After going through the cleaning process, the text needs to be stored in a document-term matrix.

dtm <- DocumentTermMatrix(corpus_clean)

# Remove sparse terms
dtm <- removeSparseTerms(dtm, 0.99)

# Convert to data frame
email_dtm <- as.data.frame(as.matrix(dtm))
email_dtm$label <- as.factor(emails$label)

Splitting into Train and Test

set.seed(68105)
train_index <- createDataPartition(email_dtm$label, p = 0.8, list = FALSE)
train_data <- email_dtm[train_index, ]
test_data <- email_dtm[-train_index, ]

Naive Bayes

library(e1071)
model <- naiveBayes(label ~ ., data = train_data)
predictions <- predict(model, newdata = test_data)

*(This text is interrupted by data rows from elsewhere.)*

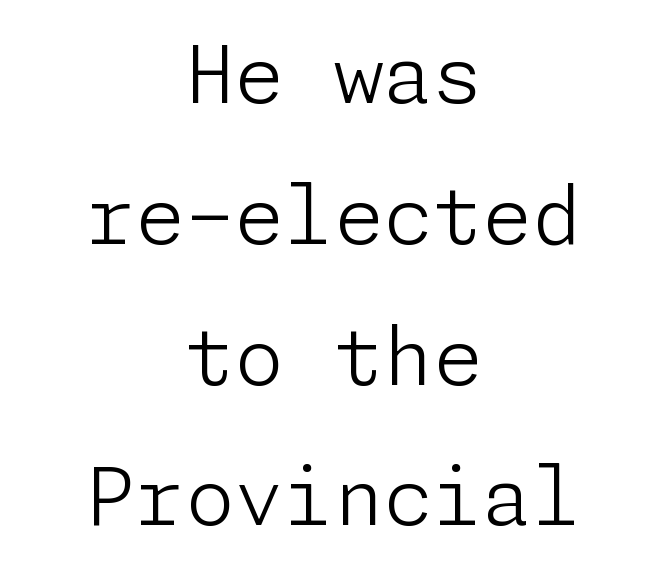
{"serif": "no", "italic": "no", "bold": "no", "weight": "light", "width": "normal", "stroke_contrast": "low", "x_height": "medium", "underline": "no", "align": "center", "line_spacing_ratio": 1.76, "letter_spacing": "normal", "letter_spacing_em": 0.0, "glyph_px": 80}
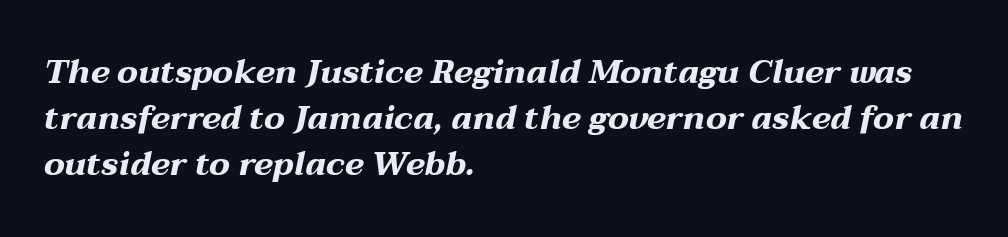
Q: Is the text bold? A: Yes.
Q: Is the text italic (slanted)? A: Yes, it leans right by about 12 degrees.
Q: Is the text underlined? A: No.
Q: How is the paragraph aligned? A: Left-aligned.
Q: Is the spacing between letters normal or unusually wide? A: Normal.
Q: Is the spacing between lines tight, normal or loose? A: Normal.
Q: Width (condensed, normal, or wide)? A: Wide.
Q: Stroke contrast? A: Medium.
Q: x-height? A: Medium.
Q: Monospaced? A: No.
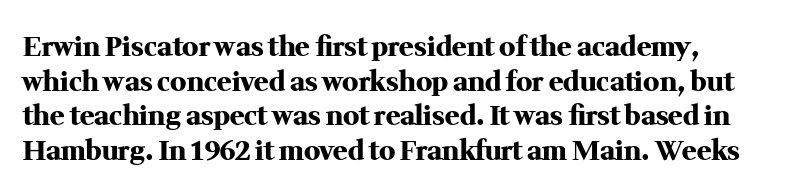
Is there much room between lines? A standard amount, neither cramped nor airy. No word sits above an underline. Posture: straight, roman, zero tilt. Standard letterfit; no display-style spreading of the glyphs. Each glyph is drawn with heavy, bold strokes.
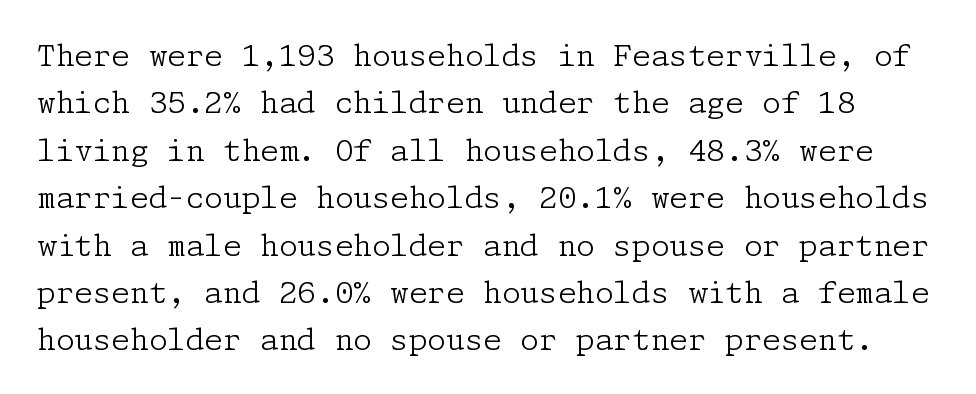
{"serif": "yes", "italic": "no", "bold": "no", "weight": "light", "width": "normal", "stroke_contrast": "low", "x_height": "medium", "underline": "no", "line_spacing": "normal", "line_spacing_ratio": 1.58, "letter_spacing": "normal", "letter_spacing_em": 0.0, "glyph_px": 30}

confusionMatrix(predictions, test_data$label)
## Confusion Matrix and Statistics
## 
##           Reference
## Prediction ham spam
##       ham  276   23
##       spam   4  256
##                                           
##                Accuracy : 0.9517          
##                  95% CI : (0.9305, 0.9679)
##     No Information Rate : 0.5009          
##     P-Value [Acc > NIR] : < 2.2e-16       
##                                           
##                   Kappa : 0.9034          
##                                           
##  Mcnemar's Test P-Value : 0.000532        
##                                           
##             Sensitivity : 0.9857          
##             Specificity : 0.9176          
##          Pos Pred Value : 0.9231          
##          Neg Pred Value : 0.9846          
##              Prevalence : 0.5009          
##          Detection Rate : 0.4937          
##    Detection Prevalence : 0.5349          
##       Balanced Accuracy : 0.9516          
##                                           
##        'Positive' Class : ham             
## 

With this Naive Bayes model, we have 95% accuracy in labeling. It is also a sign that this model is a step in the right direction is that we have many fewer cases of type 1 error than type 2 error. As specified in class, it is preferable that the occasional spam message slip through the filter than having actual important email wind up in the spam folder.